Odette&Jimmy – « Oh mama, quel bonheur, quel grand bonheur pour moi ! »

Plutôt que la version française, qu’elle soit interprétée par Sacha Distel, Dalida ou les Surfs, je préfère vous renvoyer vers la version ska de Peter Tosh, parce que j’aime le teuch et le ska ! 😉

Jean-Luc s’était enfui en prenant garde que je ne le perde pas de vue. Je le retrouvai dans ce qui semblait être une salle de spectacle. Il se tourna et éclata de rire, en me montrant du doigt.

– Un peu de tenue, Dédette !

Toi ! Et pis d’abord, sors d’ici ! J’ai un compte à régler avec ton pote et il est hors de question que tu assistes à la scène !

– Et pourquoi donc ?

– Et parce que t’es mon frère, pardi !

– Ça devrait me gêner ? Plus que te voir débarquer en courant à poil, le peignoir de Jimmy détaché, en hurlant ton dépit, ta frustration à la Terre entière ?

Horrifiée, je tentai de refermer le peignoir, mais la ceinture et mes mains semblaient s’être liguées contre moi.

– Mais c’est pas la peine de le cacher, ton corps ! Ce n’est pas celui de ma sœur, mais celui de la femme qui a fait dire à mon ami « Elle fait de ce jour le plus beau de ma vie » !

Jimmy s’approcha de moi, arrangea le peignoir avant de l’échancrer. Les étoiles qui scintillaient dans ses yeux me firent penser à ces nuits en Australie, où, allongés côte à côte sur la terrasse, nous comptions celles qui brillaient dans le ciel.

– De quelle dégueulasserie dégueulasse s’est rendu coupable le vilain petit puceau, ma chérie ?

– Tiens ! Tu vois les sarcasmes que j’endure, par ta faute ?

Avec dédain, je haussai les épaules à Jean-Luc et répondant à Jimmy, me plaignis « Il m’a toute excitée pour me laisser en plan. Comme ça. Au beau milieu d’une pénétration. Et il riait, le bougre ! »

À cet instant, j’entendis au loin un étrange roucoulement. Avant que je ne demande le nom de cet animal, Martial me donna la réponse. « Bon, ben… je vais aller voir si Madame accepte ma présence… Elle. »

– Reste à portée de voix, que tu entendes Odette clamer que je ne suis pas un petit puceau !

– Ça te convient, madame « Scandale dans la famille » ?

– Dans ces conditions… oui…

Monique et Christian étaient présents, Alain et Cathy étaient retournés au village, pour mettre au point la soirée prévue le lendemain avec les jeunes, ils en profiteraient pour ramener Joseph parmi nous. Je râlai un peu, pour faire bonne figure.

– Donc, si j’ai bien compris, être mes témoins ne les tentaient guère…

– Mais pas du tout ! Seulement, les premiers candidats ont largement dépassé leurs douze minutes, ils pensaient que ça irait crescendo et qu’ils avaient le temps avant que vienne leur tour…

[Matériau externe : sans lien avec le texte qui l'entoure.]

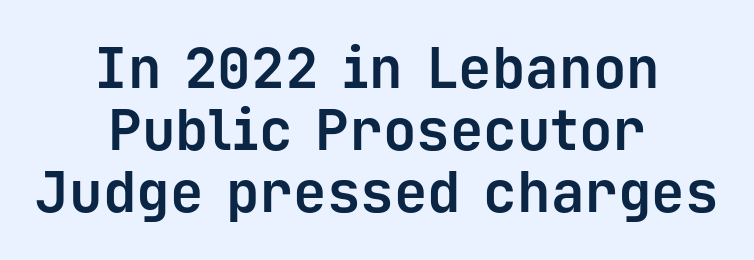
Fixed-width glyphs throughout — classic coding-font behaviour. Every character sits straight up, as roman type does. The letterforms sit shoulder to shoulder at normal distance. The rendering shows plain stroke endings on the letterforms — a sans-serif design. Typesetter's note: full bold, strokes at maximum text heaviness. Descender tails drop into unmarked territory.
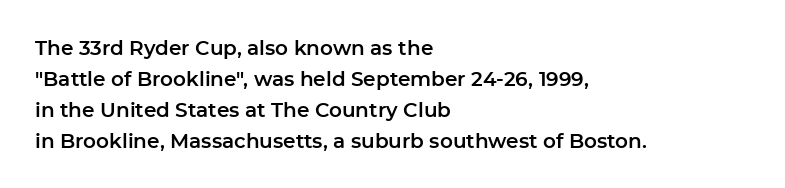
Layout note: lines flush left. Designer's note — italics off, roman on. The baseline area is clear. Reading down the column, the eye jumps a familiar distance to each next line. Default kerning and tracking; the words read as compact shapes.
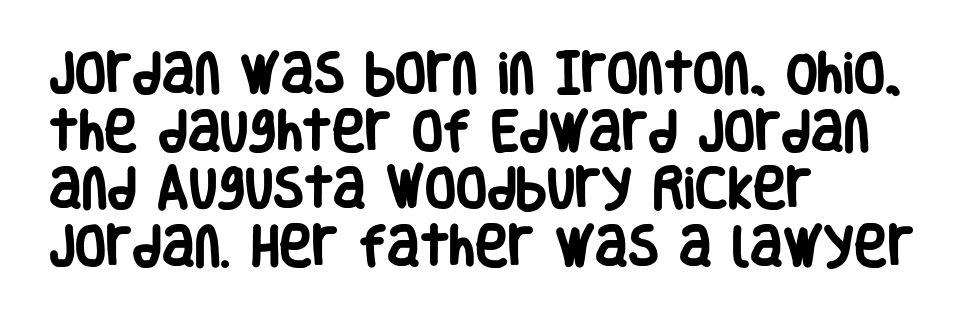
{"serif": "no", "italic": "no", "bold": "yes", "weight": "heavy", "width": "condensed", "stroke_contrast": "low", "x_height": "large", "monospaced": "no", "underline": "no", "align": "left", "line_spacing": "normal", "line_spacing_ratio": 1.28, "letter_spacing": "normal", "letter_spacing_em": 0.0, "glyph_px": 45}
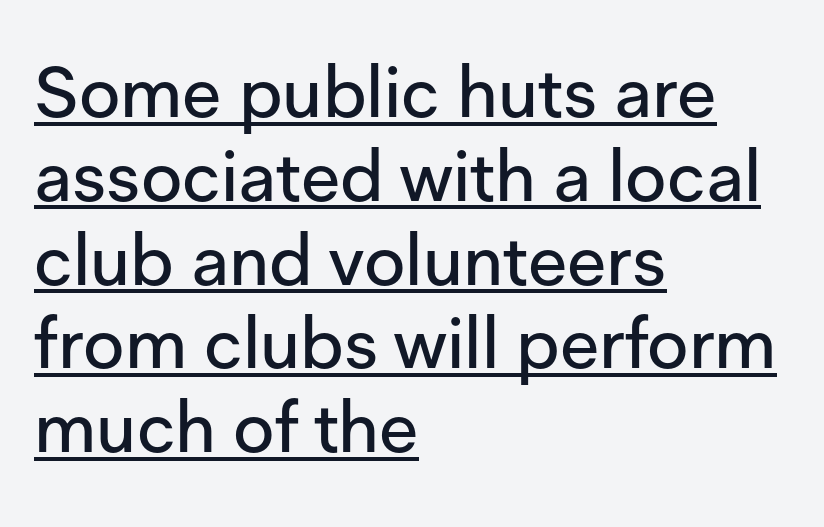
Q: Is the text italic (slanted)? A: No, it is upright.
Q: Is the typeface a serif or a sans-serif typeface? A: Sans-serif.
Q: Is the text underlined? A: Yes.
Q: How is the paragraph aligned? A: Left-aligned.
Q: Is the spacing between letters normal or unusually wide? A: Normal.
Q: Width (condensed, normal, or wide)? A: Normal.
Q: Stroke contrast? A: Low.
Q: x-height? A: Medium.
Q: Monospaced? A: No.
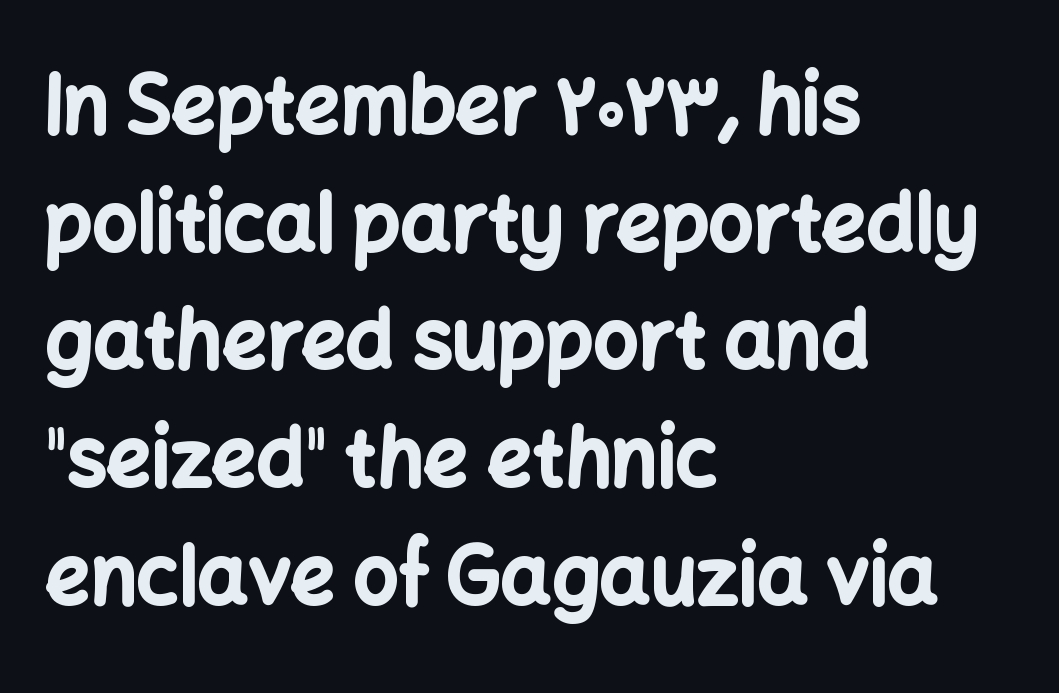
{"serif": "no", "italic": "no", "bold": "yes", "weight": "bold", "width": "normal", "stroke_contrast": "low", "x_height": "medium", "monospaced": "no", "underline": "no", "align": "left", "line_spacing": "normal", "line_spacing_ratio": 1.49, "letter_spacing": "normal", "letter_spacing_em": 0.0, "glyph_px": 79}
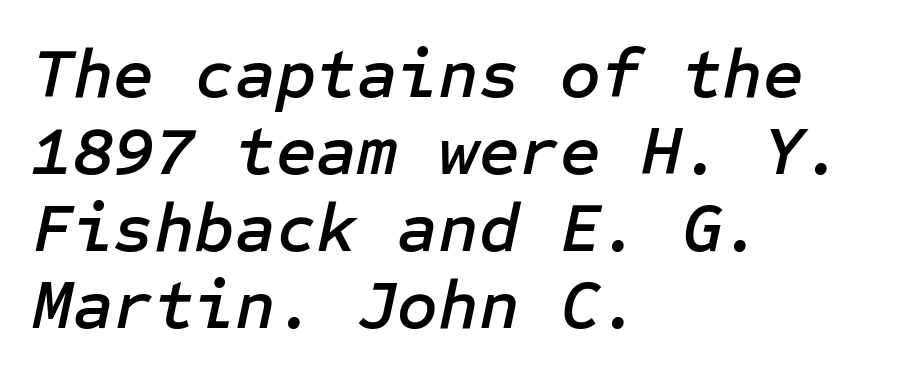
Q: Is the text italic (slanted)? A: Yes, it leans right by about 12 degrees.
Q: Is the text underlined? A: No.
Q: How is the paragraph aligned? A: Left-aligned.
Q: Is the spacing between letters normal or unusually wide? A: Normal.
Q: Is the spacing between lines tight, normal or loose? A: Tight.
Q: Width (condensed, normal, or wide)? A: Normal.
Q: Stroke contrast? A: Low.
Q: x-height? A: Medium.
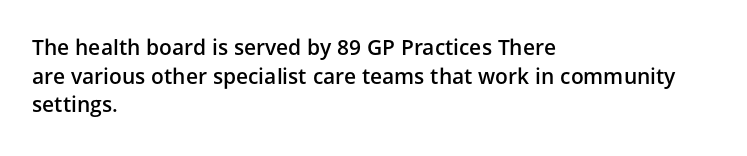
{"italic": "no", "bold": "semi", "underline": "no", "align": "left", "line_spacing": "normal", "line_spacing_ratio": 1.36, "letter_spacing": "normal", "letter_spacing_em": 0.0, "glyph_px": 21}
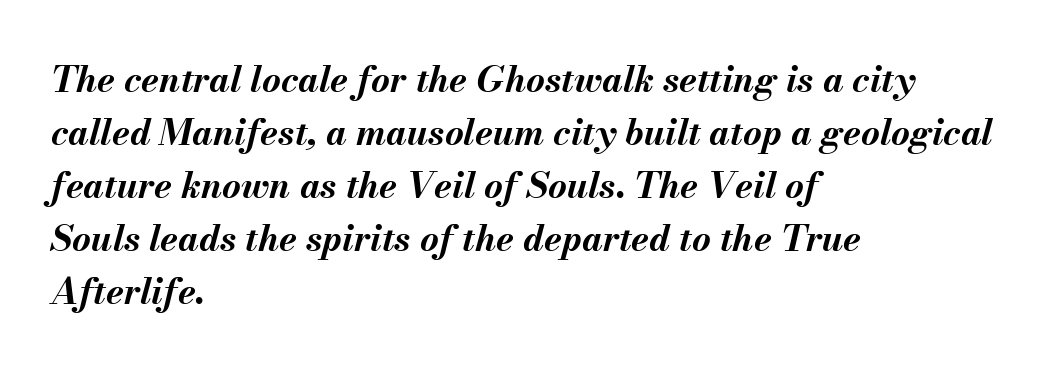
The image shows 36 px bold type, italic (leaning right); set left-aligned, normal line spacing (1.47x), normal letter spacing, not underlined; medium stroke contrast and a small x-height.
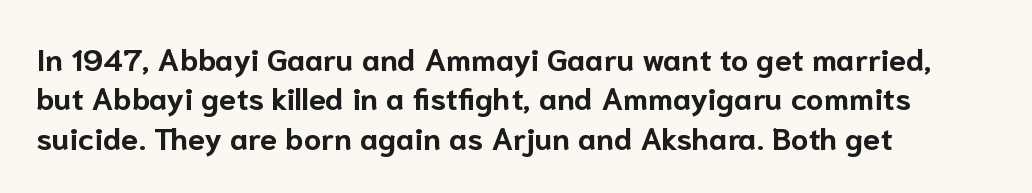
Q: Is the text bold? A: Yes.
Q: Is the text italic (slanted)? A: No, it is upright.
Q: Is the typeface a serif or a sans-serif typeface? A: Sans-serif.
Q: Is the text underlined? A: No.
Q: How is the paragraph aligned? A: Left-aligned.
Q: Is the spacing between letters normal or unusually wide? A: Normal.
Q: Is the spacing between lines tight, normal or loose? A: Normal.
Q: Width (condensed, normal, or wide)? A: Normal.
Q: Stroke contrast? A: Low.
Q: x-height? A: Medium.
Q: Monospaced? A: No.
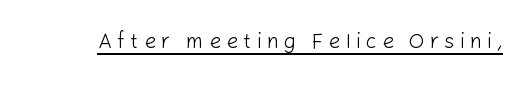
The image shows 21 px text type, upright; set unusually wide letter spacing (+0.24 em), underlined.

– Donc, si je comprends bien, c’est encore de ma faute ?

Christian allait me répondre, quand Monique affirma « Si tu regardais ses yeux au lieu de ses nichons, tu verrais qu’elle se fout de toi ! ». Sylvie me demanda si sa présence ne me dérangeait pas « Parce que Jimmy et les autres affirment que nous sommes sœurs ? Non. Pas le moins du monde, ta présence ne me dérange pas du tout ».

– Puisque tu restes, tu pourrais prendre quelques photos de mon dépucelage définitif, la Fiancée ?

– Bonne idée, Jean-Luc, comme ça mon frère ne t’embêtera plus avec ça !

Jimmy me prit la main qu’il tendit à Jean-Luc. Il désigna ce qui ressemblait à un banc de prière « Je pense que ce serait idéal pour… procéder ». Nous avions moins de vingt pas à faire jusqu’au banc, je ne sais pas pourquoi j’entonnai la marche nuptiale. Monique, Christian et Sylvie se regardèrent, surpris et ravis.

Je venais de leur dire que de toute façon, j’avais bien l’intention qu’ils soient tous mes témoins, que je ne concevais pas cette cérémonie autrement que dans le partage.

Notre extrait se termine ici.